Source data
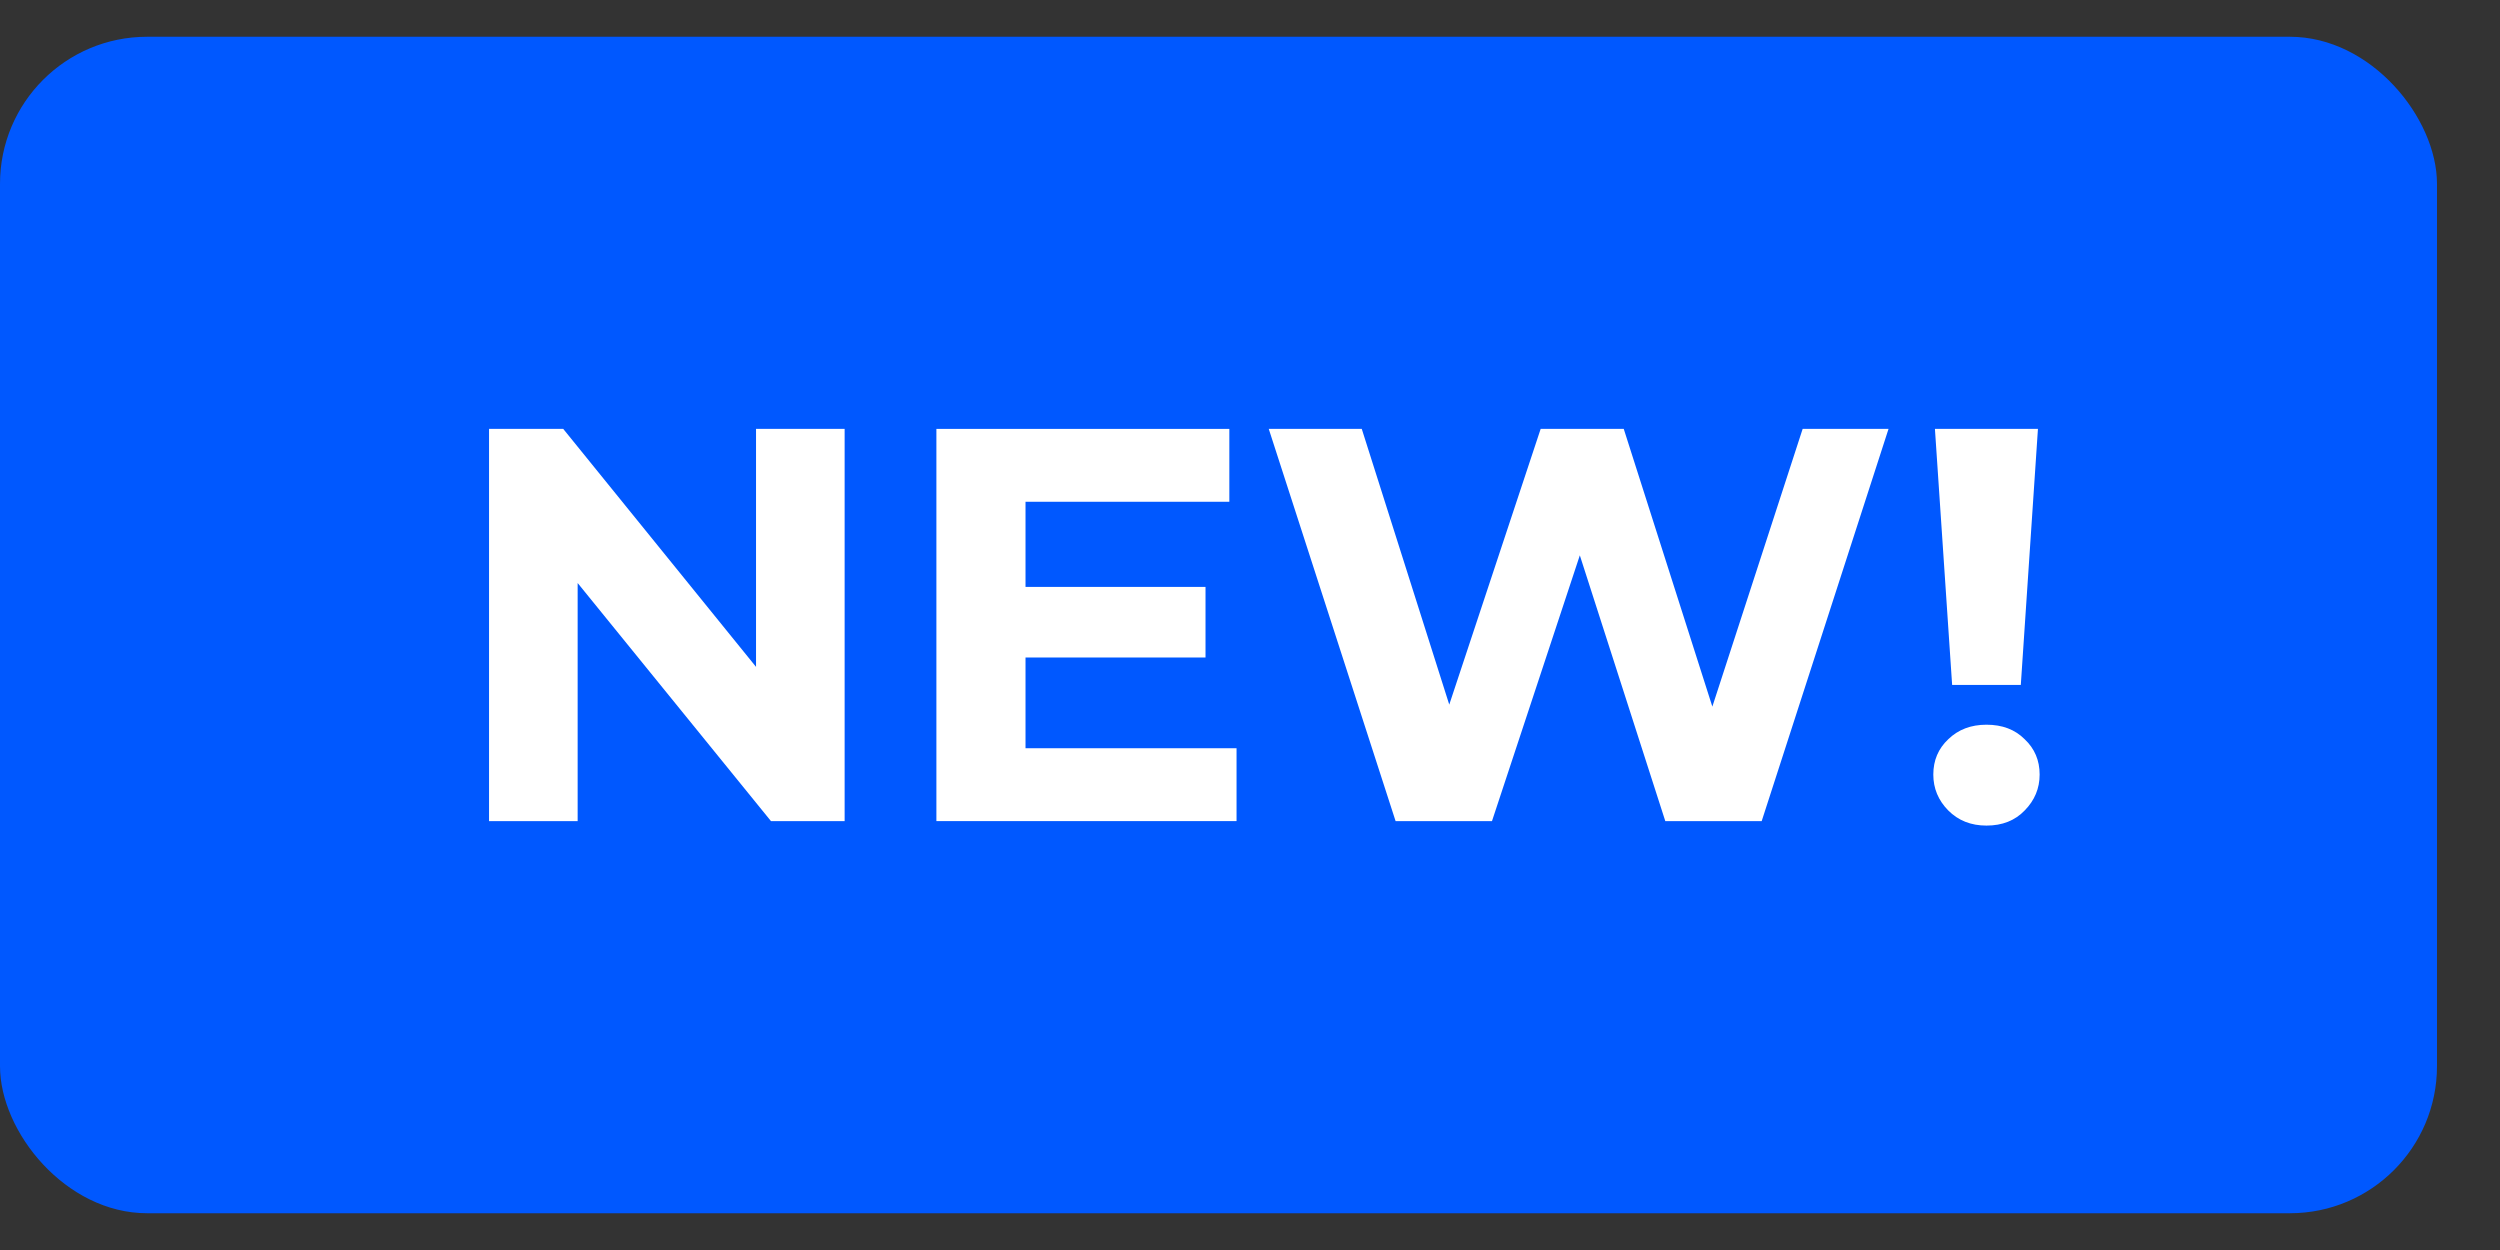 <svg width="34" height="17" viewBox="0 0 34 17" fill="none" xmlns="http://www.w3.org/2000/svg">
<rect x="0" y="0" width="34" height="17" fill="#333333" stroke="none"/>
<rect y="0.5" width="33.143" height="16" rx="2" fill="#0058FF"/>
<path d="M6.651 11.167V5.833H7.66L10.771 9.673H10.282V5.833H11.487V11.167H10.485L7.367 7.327H7.856V11.167H6.651Z" fill="white"/>
<path d="M13.857 7.982H16.395V8.942H13.857V7.982ZM13.947 10.176H16.817V11.167H12.735V5.833H16.719V6.824H13.947V10.176Z" fill="white"/>
<path d="M18.98 11.167L17.255 5.833H18.52L20.019 10.557H19.387L20.953 5.833H22.083L23.59 10.557H22.98L24.516 5.833H25.684L23.959 11.167H22.648L21.315 7.022H21.661L20.291 11.167H18.98Z" fill="white"/>
<path d="M26.549 9.315L26.315 5.833H27.716L27.483 9.315H26.549ZM27.016 11.228C26.805 11.228 26.632 11.159 26.496 11.022C26.361 10.885 26.293 10.722 26.293 10.534C26.293 10.341 26.361 10.181 26.496 10.054C26.632 9.922 26.805 9.856 27.016 9.856C27.232 9.856 27.405 9.922 27.536 10.054C27.671 10.181 27.739 10.341 27.739 10.534C27.739 10.722 27.671 10.885 27.536 11.022C27.405 11.159 27.232 11.228 27.016 11.228Z" fill="white"/>
</svg>

• _Work instruction_: Repeat the entries exactly and keep the pictures out of the copy.

• _Exercise output_:
 <svg width="34" height="17" viewBox="0 0 34 17" fill="none" xmlns="http://www.w3.org/2000/svg">
<rect x="0" y="0" width="34" height="17" fill="#333333" stroke="none"/>
<rect y="0.5" width="33.143" height="16" rx="2" fill="#0058FF"/>
<path d="M6.651 11.167V5.833H7.66L10.771 9.673H10.282V5.833H11.487V11.167H10.485L7.367 7.327H7.856V11.167H6.651Z" fill="white"/>
<path d="M13.857 7.982H16.395V8.942H13.857V7.982ZM13.947 10.176H16.817V11.167H12.735V5.833H16.719V6.824H13.947V10.176Z" fill="white"/>
<path d="M18.98 11.167L17.255 5.833H18.52L20.019 10.557H19.387L20.953 5.833H22.083L23.59 10.557H22.98L24.516 5.833H25.684L23.959 11.167H22.648L21.315 7.022H21.661L20.291 11.167H18.98Z" fill="white"/>
<path d="M26.549 9.315L26.315 5.833H27.716L27.483 9.315H26.549ZM27.016 11.228C26.805 11.228 26.632 11.159 26.496 11.022C26.361 10.885 26.293 10.722 26.293 10.534C26.293 10.341 26.361 10.181 26.496 10.054C26.632 9.922 26.805 9.856 27.016 9.856C27.232 9.856 27.405 9.922 27.536 10.054C27.671 10.181 27.739 10.341 27.739 10.534C27.739 10.722 27.671 10.885 27.536 11.022C27.405 11.159 27.232 11.228 27.016 11.228Z" fill="white"/>
</svg>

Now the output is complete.